Лагуна заканчивалась – и вместе с коктейлем почему-то сходила на нет его пьянящая магия. Ощущение приятной лёгкости исчезло.
Свеча под абажуром затрепетала, как от напористых приливов ветра, и – погасла. Алиса различила смутное и тёмное движение в высоких окнах – сквозь отблески тёплых огней. Чья-то тень размашисто пролетела перед зданием, или же гигантская птица – хотя Алиса не видела таких птиц на острове – взмахнула чёрным крылом.
Алиса поёжилась от холода, резкого, беспричинного – и последнее зыбкое тепло от выпитой Лагуны растаяло, уступив горечи и пустоте.
Тапёр заиграл быстрее.
Сбивчивое бренчание перерастало в хрупкую мелодию, в которой угадывался и порывистый ветер, и шум прибоя, и частое взволнованное дыхание.
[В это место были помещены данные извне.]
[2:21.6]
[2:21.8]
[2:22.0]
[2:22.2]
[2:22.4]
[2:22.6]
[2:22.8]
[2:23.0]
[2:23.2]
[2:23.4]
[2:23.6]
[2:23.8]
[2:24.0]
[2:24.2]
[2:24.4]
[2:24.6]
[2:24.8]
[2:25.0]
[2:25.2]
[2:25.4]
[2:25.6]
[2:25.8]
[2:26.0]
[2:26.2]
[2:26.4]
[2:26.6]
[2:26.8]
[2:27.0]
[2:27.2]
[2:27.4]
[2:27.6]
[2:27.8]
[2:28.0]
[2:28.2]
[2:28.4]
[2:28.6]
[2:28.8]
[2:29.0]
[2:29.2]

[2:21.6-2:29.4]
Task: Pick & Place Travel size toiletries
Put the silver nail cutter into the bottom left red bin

Алиса заинтересовалась. Музыка настойчиво пробивалась сквозь окружающий туман, и рояль пел, наполняя атриум тёплом и холодом, переливами воды и порывами ветра, но потом туман возвращался, и мелодия захлёбывалась в неверно взятых нотах, путалась в движениях длинных пальцев, пока окончательно не выдохлась, превратившись в хаос из разрозненных звуков.
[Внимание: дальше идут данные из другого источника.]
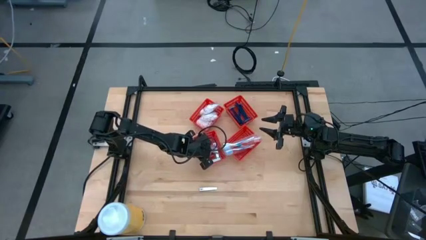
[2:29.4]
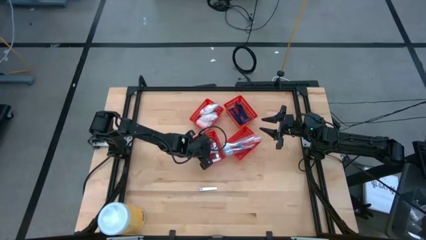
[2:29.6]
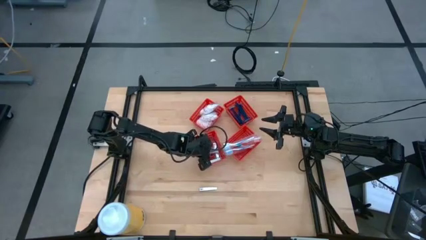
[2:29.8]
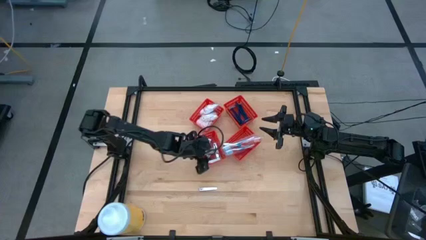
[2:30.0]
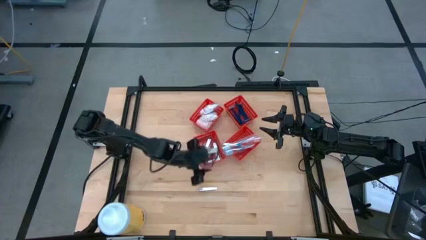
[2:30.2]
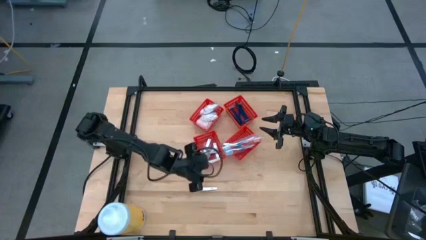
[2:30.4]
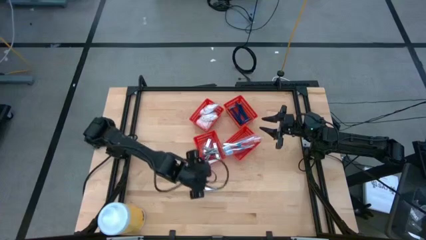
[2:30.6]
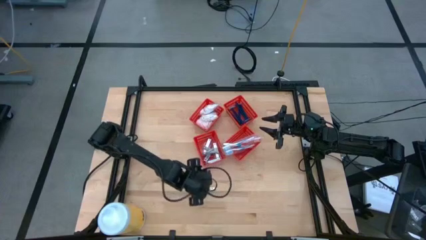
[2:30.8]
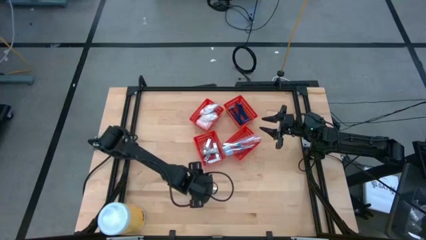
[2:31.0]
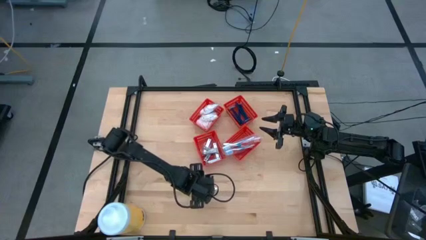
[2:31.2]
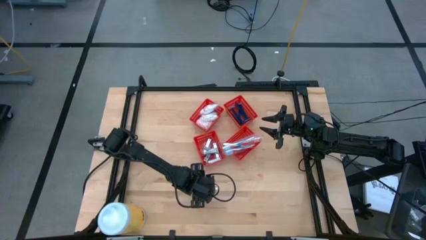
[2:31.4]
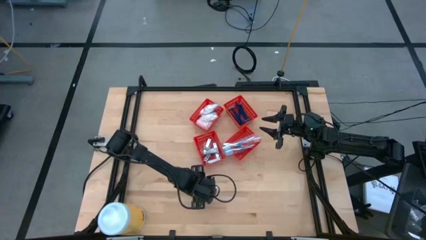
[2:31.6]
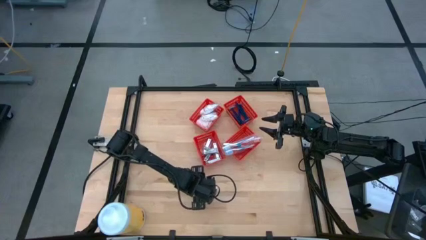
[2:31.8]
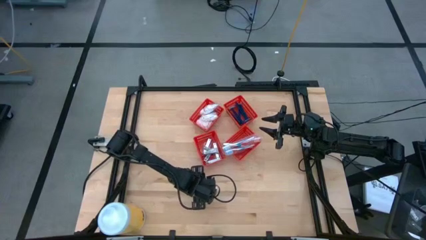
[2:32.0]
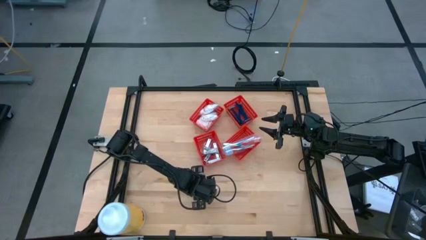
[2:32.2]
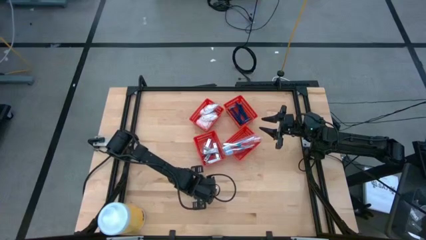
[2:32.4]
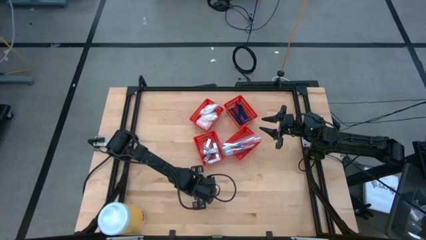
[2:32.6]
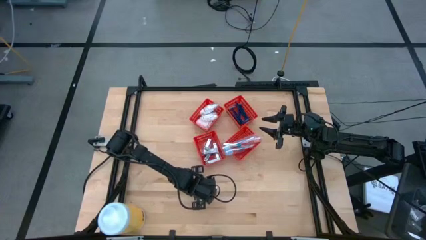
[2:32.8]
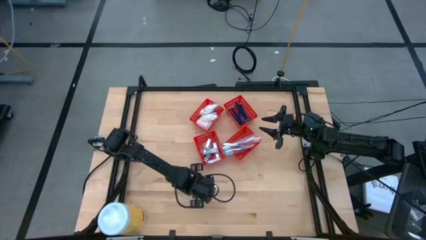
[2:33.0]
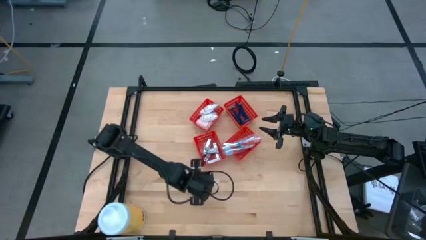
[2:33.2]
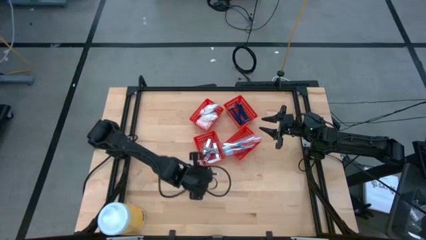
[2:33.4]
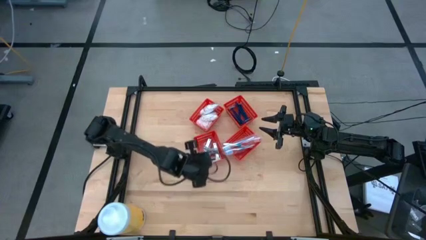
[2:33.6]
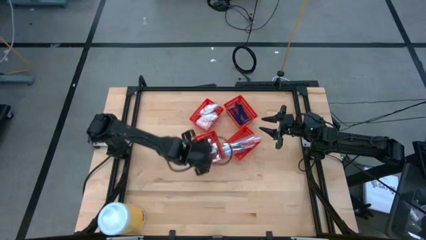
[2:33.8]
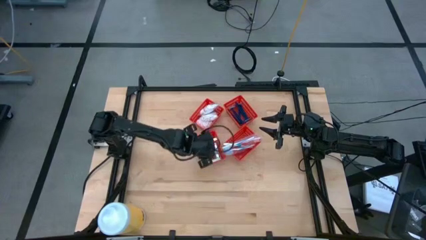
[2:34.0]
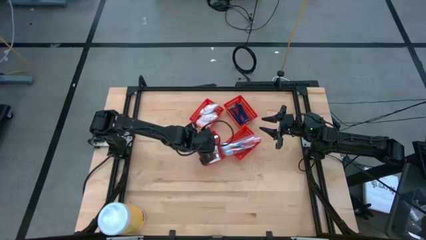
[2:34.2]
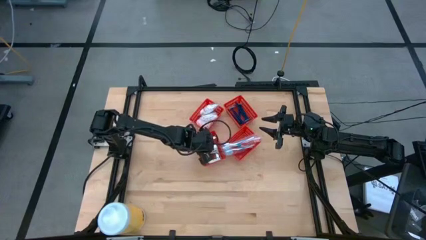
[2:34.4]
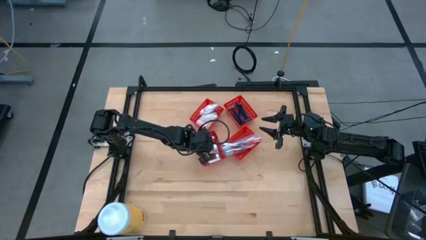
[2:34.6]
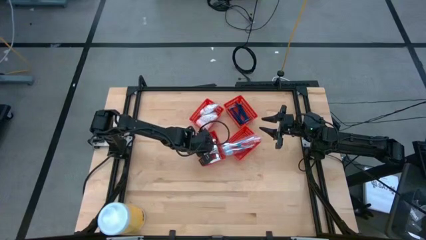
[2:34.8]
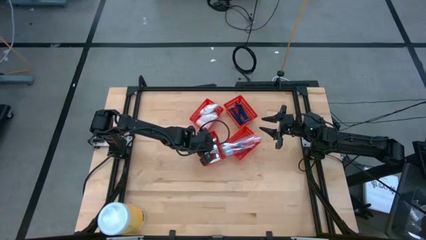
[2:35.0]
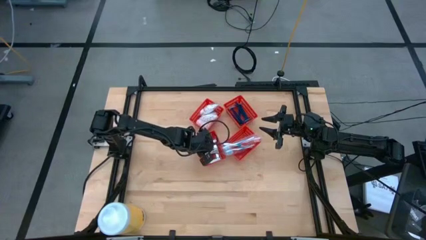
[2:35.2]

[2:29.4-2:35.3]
Put the silver nail cutter into the bottom left red bin

И тогда тапёр перестал играть.
Он сделал глубокий вздох, размял уставшие пальцы – на сей раз быстро и резко, отчётливая похрустывая суставами – и, описав в воздухе плавный жест, коснулся одной из клавиш.
Одна нота, через несколько секунд другая – всё было как прежде, как и в самом начале, только глаз больше не дёргался, но зато по лбу уже стекала капелька пота.
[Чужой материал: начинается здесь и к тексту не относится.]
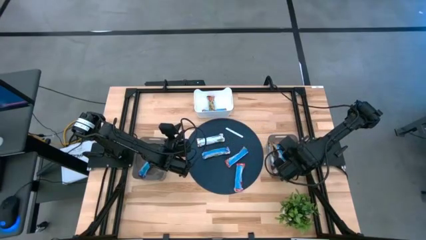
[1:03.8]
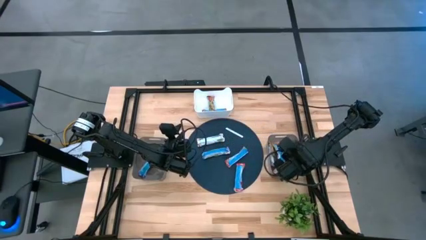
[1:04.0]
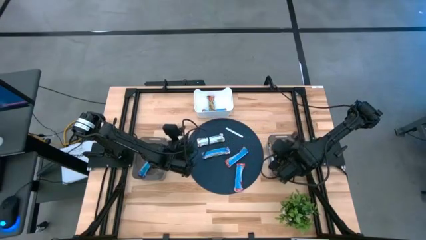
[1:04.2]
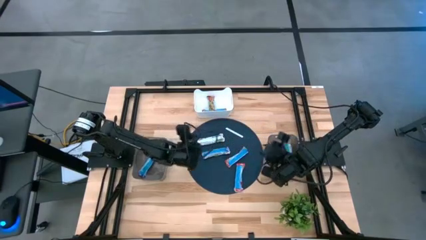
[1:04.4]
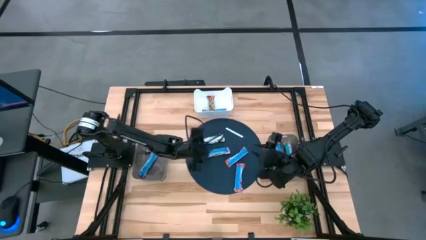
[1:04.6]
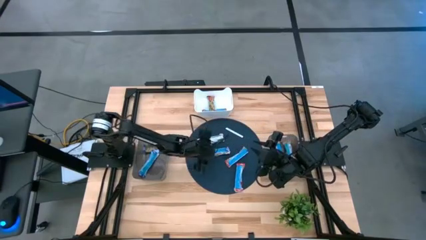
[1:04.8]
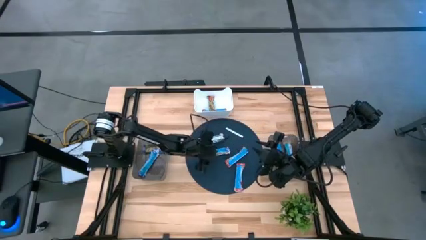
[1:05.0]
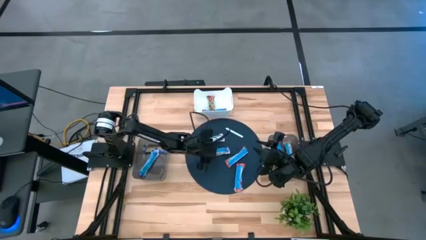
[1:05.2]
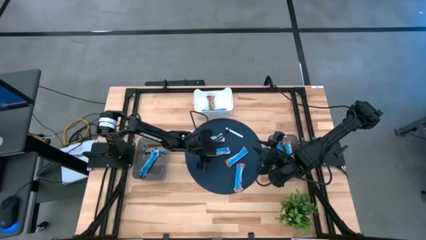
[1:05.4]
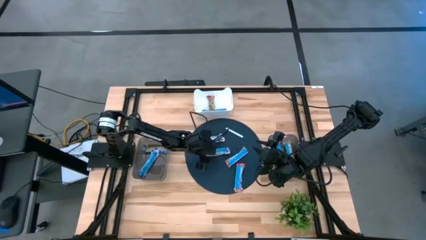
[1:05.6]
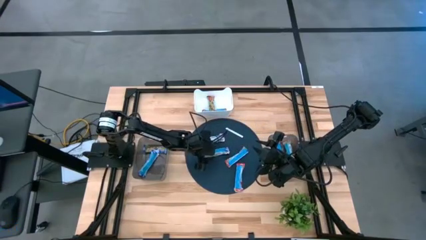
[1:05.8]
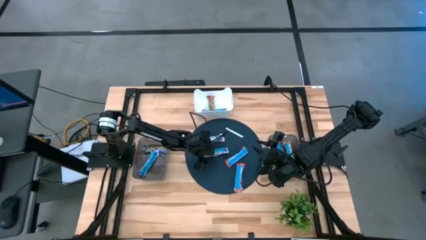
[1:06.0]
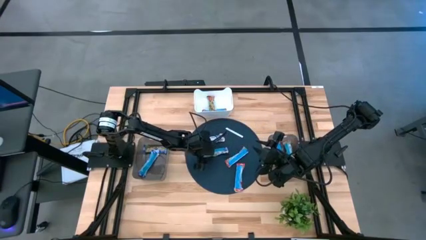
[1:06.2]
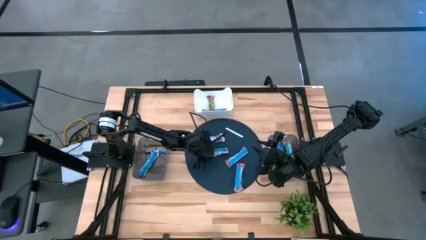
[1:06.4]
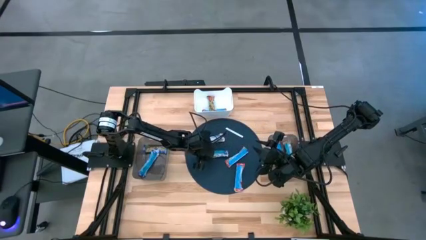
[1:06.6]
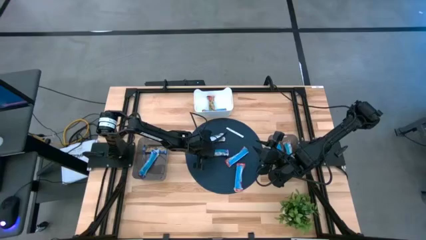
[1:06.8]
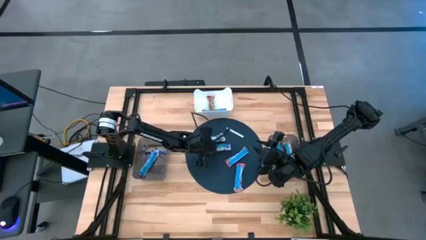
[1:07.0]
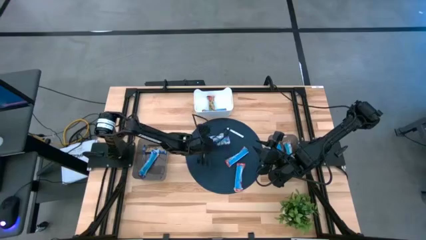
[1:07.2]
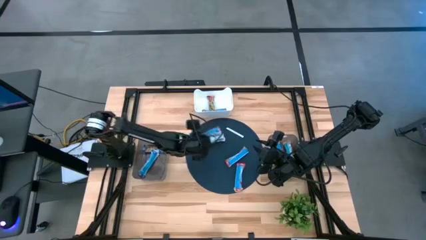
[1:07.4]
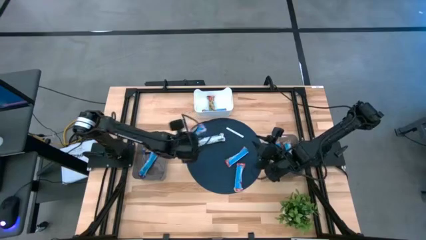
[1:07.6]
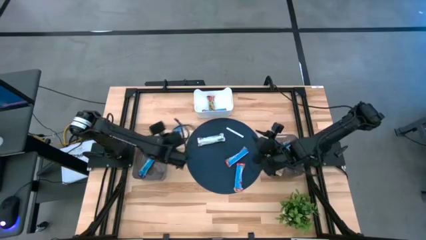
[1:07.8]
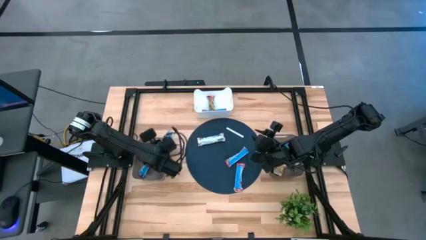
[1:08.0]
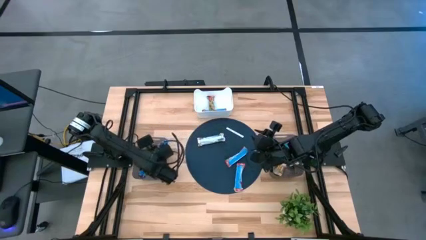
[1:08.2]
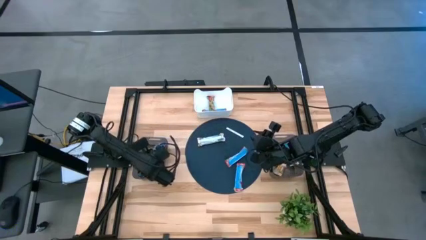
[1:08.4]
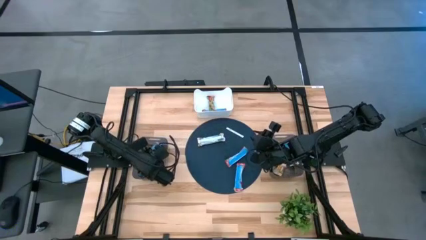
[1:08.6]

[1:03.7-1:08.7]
Task: Pick and place Granola Bars by type
Put the blue granola bar into the left black bin

– Как назло и в этом отеле… – заголосил где-то громкий мужчина.
Алиса с опаской вгляделась в окна – не появится ли там снова пугающая тень или огромная птица, – и увидела себя, своё отражение, грубо срезанное оконной рамой. Изогнутый локоть, выбившаяся из причёски прядь, коктейльный бокал на столе. Всё это было неживым, блеклым и неумолимо рассеивалось в темноте – ведь лампа на столе не горела, а света от стеклянных торшеров уже не хватало, чтобы бороться с надвигающейся ночью.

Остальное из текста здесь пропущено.